Now that we have understood why gold is especially in demand these times, let us look at 5 ways you can own a piece of the precious metal.
  1. Gold coins and bullion: This is the simplest and most conventional form of investing in gold. Gold bullion, bars and coins are made with a purest physical form of gold. Gold coins are available in different sizes. Gold bars, coins and bullion are of 24K (carats), and these can be kept safely in bank lockers or any other safe place. With ownership of coins and /or bullion, you get a direct, tangible ownership of the precious metal and its prices. There is also potential to yield premiums over and above gold spot price.
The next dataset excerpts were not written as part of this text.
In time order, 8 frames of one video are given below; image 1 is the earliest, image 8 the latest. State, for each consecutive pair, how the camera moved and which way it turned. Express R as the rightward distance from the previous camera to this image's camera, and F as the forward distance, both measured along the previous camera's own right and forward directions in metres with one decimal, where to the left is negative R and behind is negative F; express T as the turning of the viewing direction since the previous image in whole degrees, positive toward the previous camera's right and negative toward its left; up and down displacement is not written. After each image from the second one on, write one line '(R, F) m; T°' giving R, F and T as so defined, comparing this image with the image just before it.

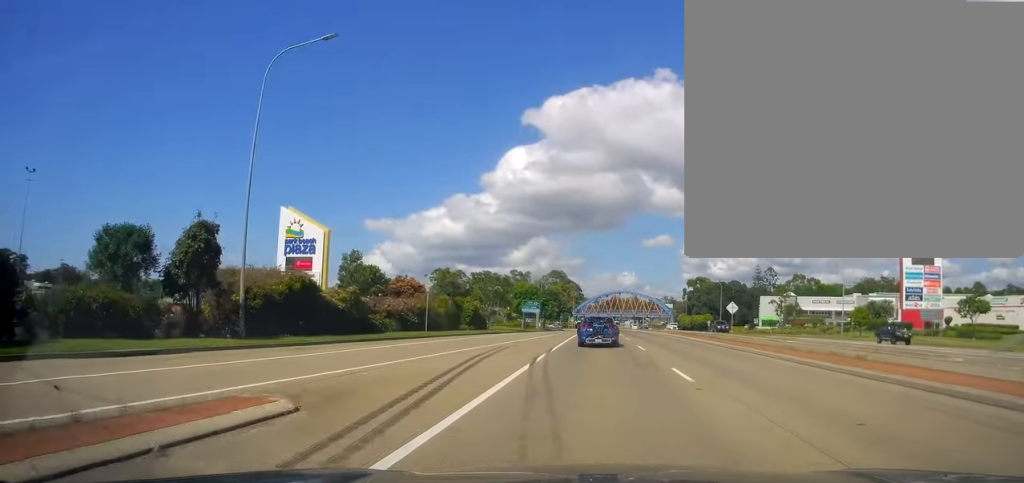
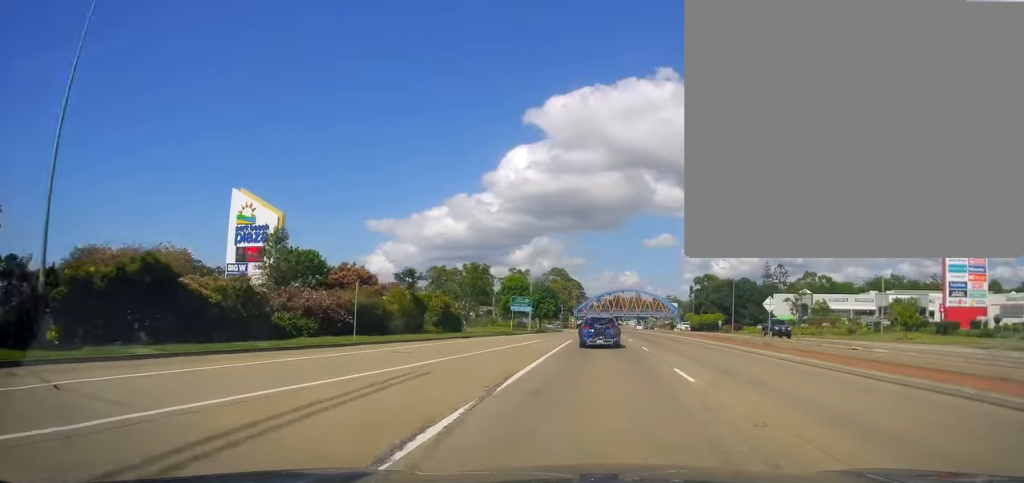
(+0.5, +12.7) m; 0°
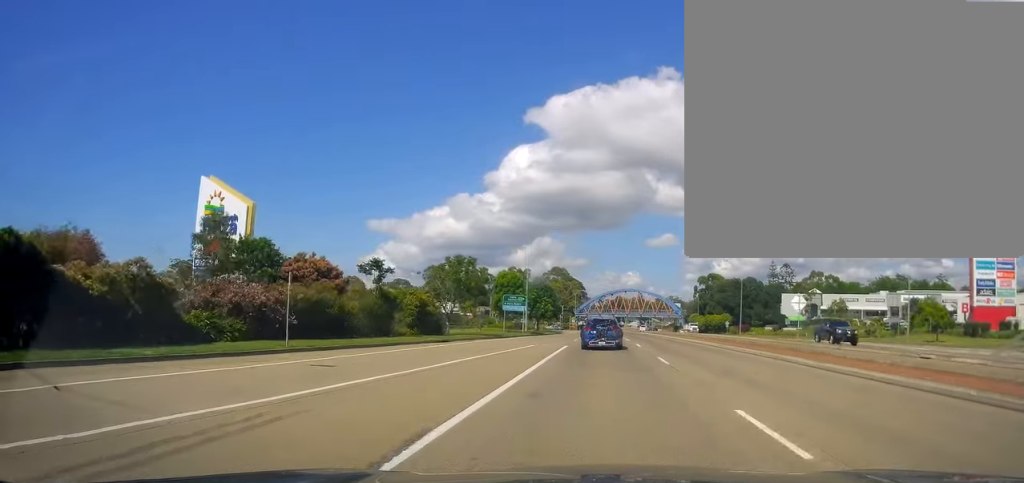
(0.0, +6.8) m; 0°
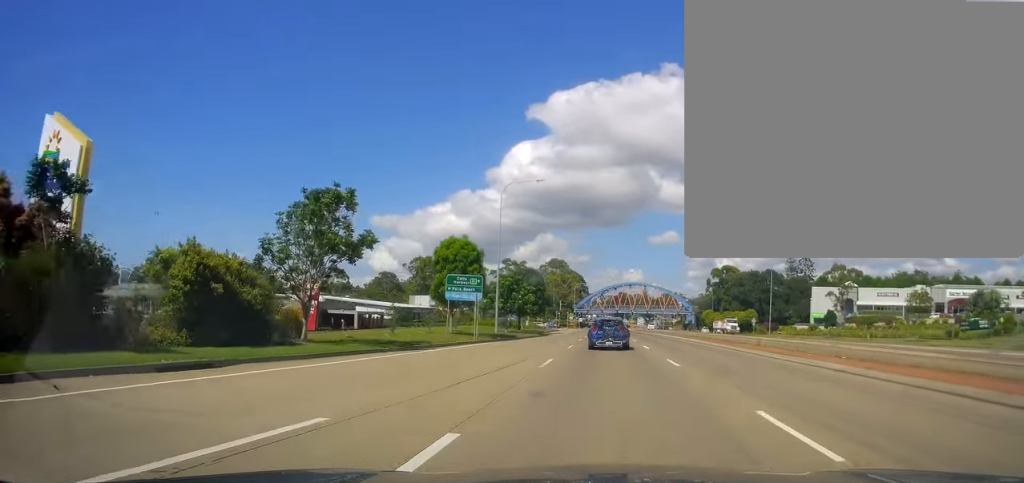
(+0.4, +23.8) m; +1°
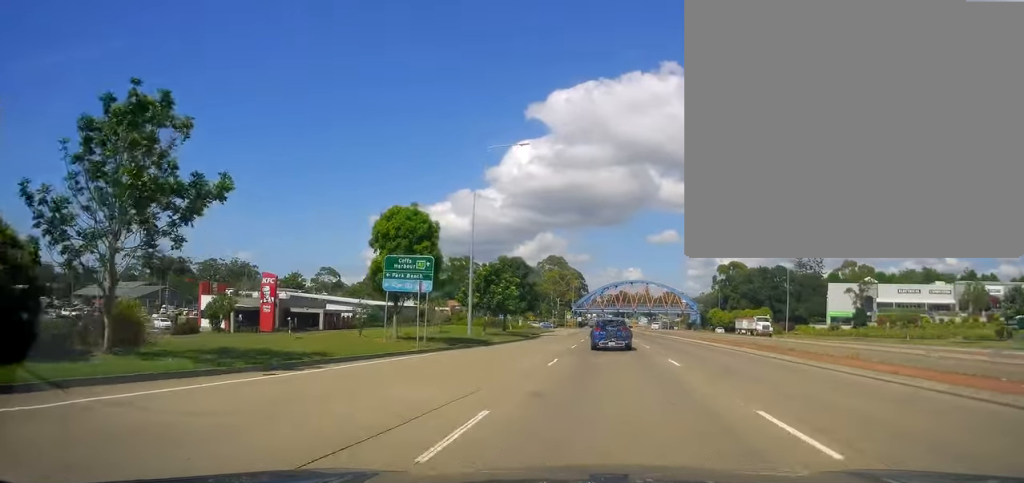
(-0.3, +11.1) m; -1°
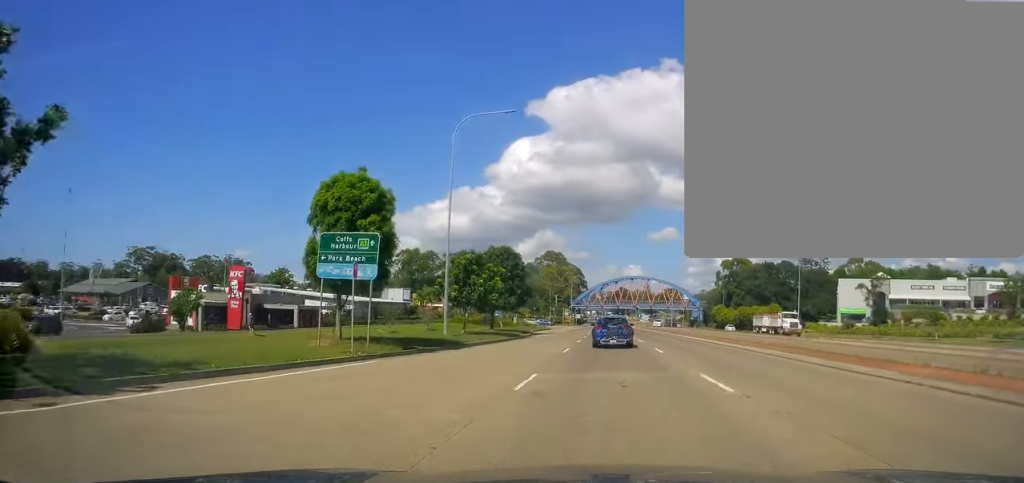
(-0.3, +6.6) m; -1°
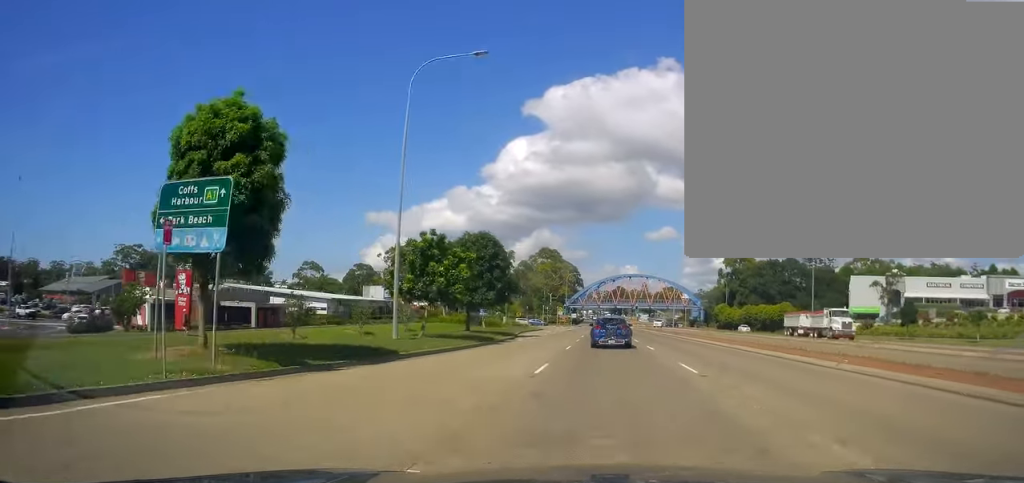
(+0.2, +8.4) m; 0°
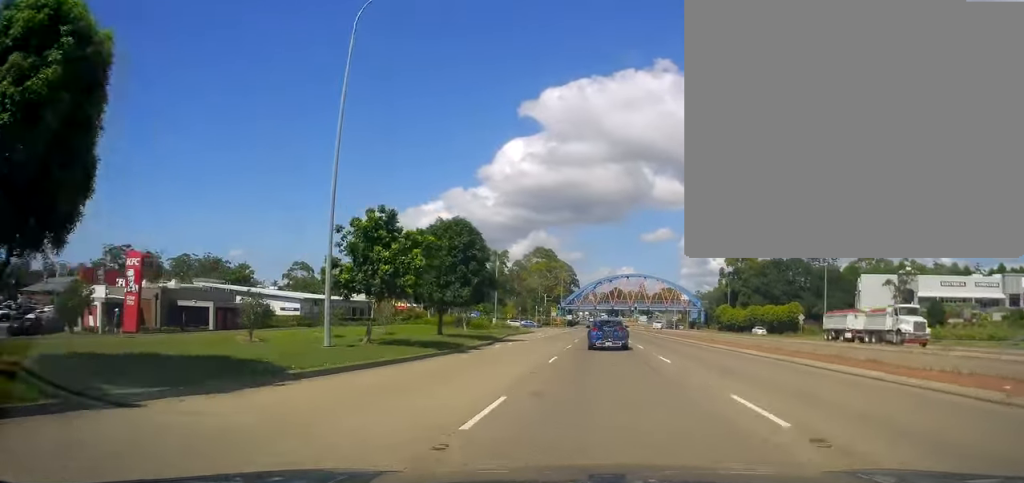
(+0.2, +6.9) m; 0°
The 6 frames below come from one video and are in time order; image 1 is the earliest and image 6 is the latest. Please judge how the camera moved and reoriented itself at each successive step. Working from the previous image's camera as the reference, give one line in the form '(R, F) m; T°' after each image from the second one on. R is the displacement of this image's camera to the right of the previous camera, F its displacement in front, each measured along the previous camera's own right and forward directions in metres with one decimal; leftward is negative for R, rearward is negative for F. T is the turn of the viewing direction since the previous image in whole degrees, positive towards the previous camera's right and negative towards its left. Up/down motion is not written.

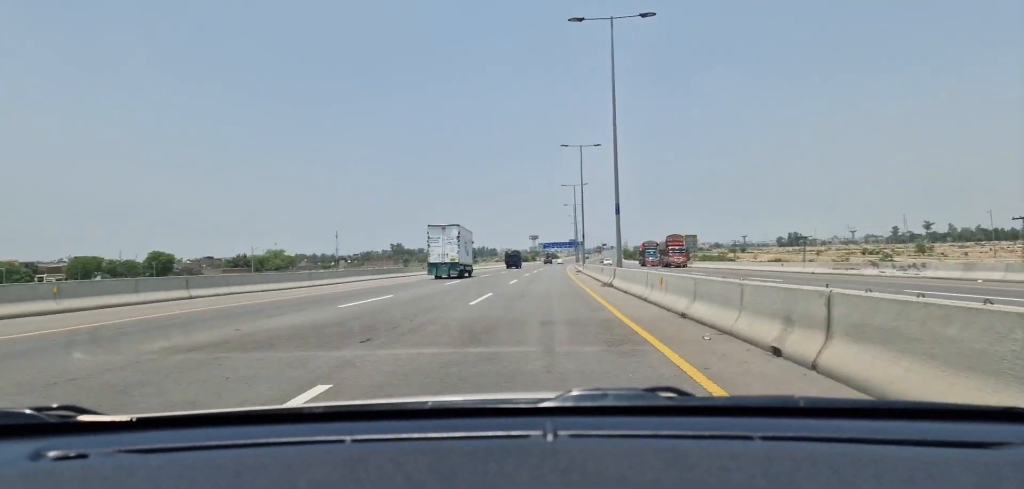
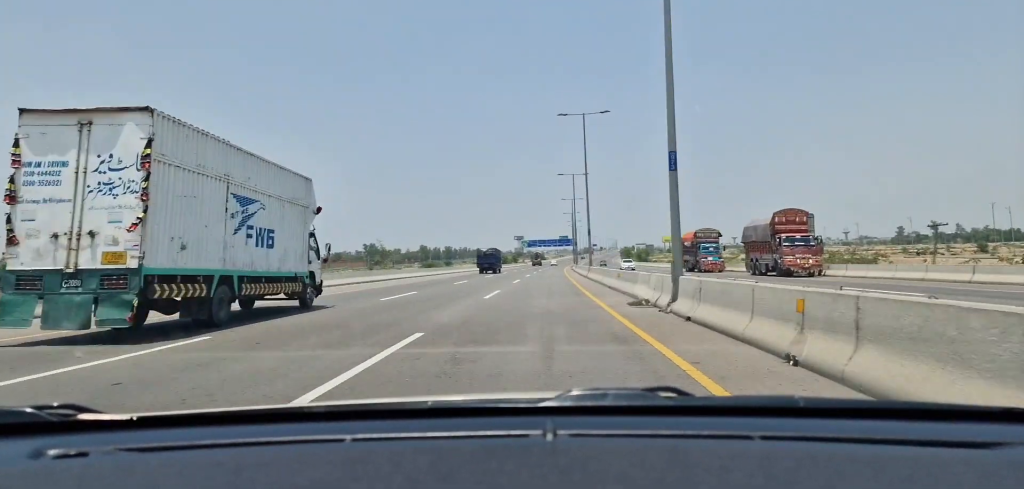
(+0.7, +49.8) m; +1°
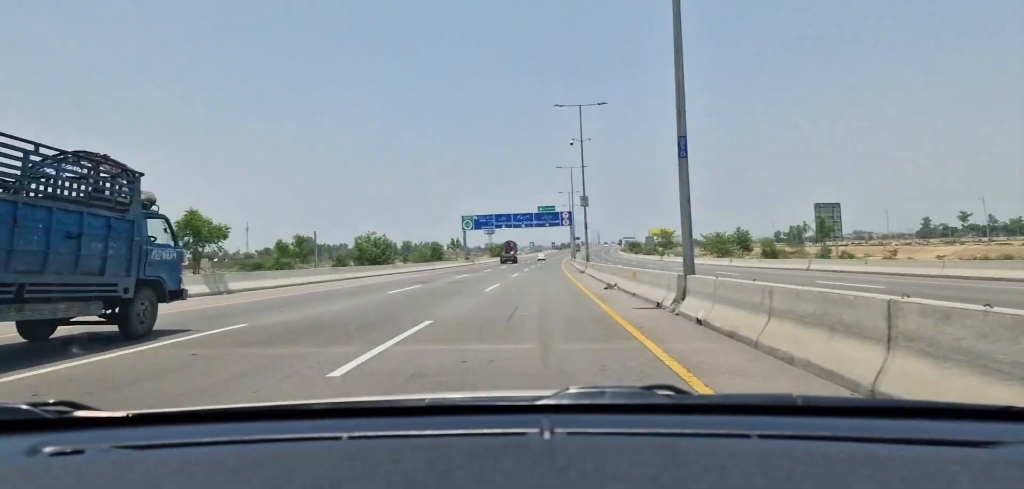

  2. Gold futures: You can buy into gold futures, which are traded on the MCX. These future prices tend to track gold prices, and the contracts have to be settled with a pre-determined period. Gold futures are risky investments as one has to settle futures even if they make a loss. Gold can be a profitable investment when all others fail. If you are concerned about inflation or the devaluation of your country’s currency, you may want to add gold to your portfolio. Nevertheless, as tempting as it may be to buy a lot of gold in a struggling economy, try not to get carried away. Gold bubbles exist, and in order to prevent yourself from being over-exposed to any asset class, you should always maintain a well-diversified and balanced portfolio.
  3. Gold ETFs: There are various Gold Exchange Traded Funds (ETFs) that investors could buy. Gold ETFs are better than physical gold, and offer many advantages. Nobody can steal gold ETFs as they are in the electronic form. On the other hand, you do not have to incur storage charges. Taxation on Gold ETFs is done in the same manner as physical gold.
  4. Sovereign gold bonds: This an investment in gold that is issued by the Reserve Bank of India (RBI) on behalf of the Government of India. Sovereign Gold Bond (SGB) scheme is an alternative to purchasing physical gold. When people invest in gold bonds, they get a paper against their investment instead of a gold bar or a gold coin. There is no cost attached and instead you get an annual interest of 2.5% for investing. These bonds have a tenor of eight years and track the price of gold, just like a gold mutual fund. One benefit of SGB is, if you complete the tenure of 8 years, the investment is tax-free; i.e- long-term capital gain tax (LTCG) will not be levied on the investment.  This bond can also be utilized as a collateral against loans.
  5. E-Gold: E-gold is the process of buying gold electronically. E-Gold allows investors to invest in gold with much lower denominations (1gm or 2gm) than physical gold. The investment is held electronically in demat form and can be freely converted into physical gold. It is more convenient to buy and sell e-gold. One of the benefits of investing in e-gold is that there is no holding cost. In India, e-gold is offered by the National Spot Exchange Limited (NSEL). Investors who wish to invest in gold as part of their long-term portfolio, can buy e-gold in small quantities and hold it in their Demat account. Once their target is achieved, they can take the physical delivery of gold through the exchange. Those who don’t wish to take the physical delivery can always sell the electronic units and encash them.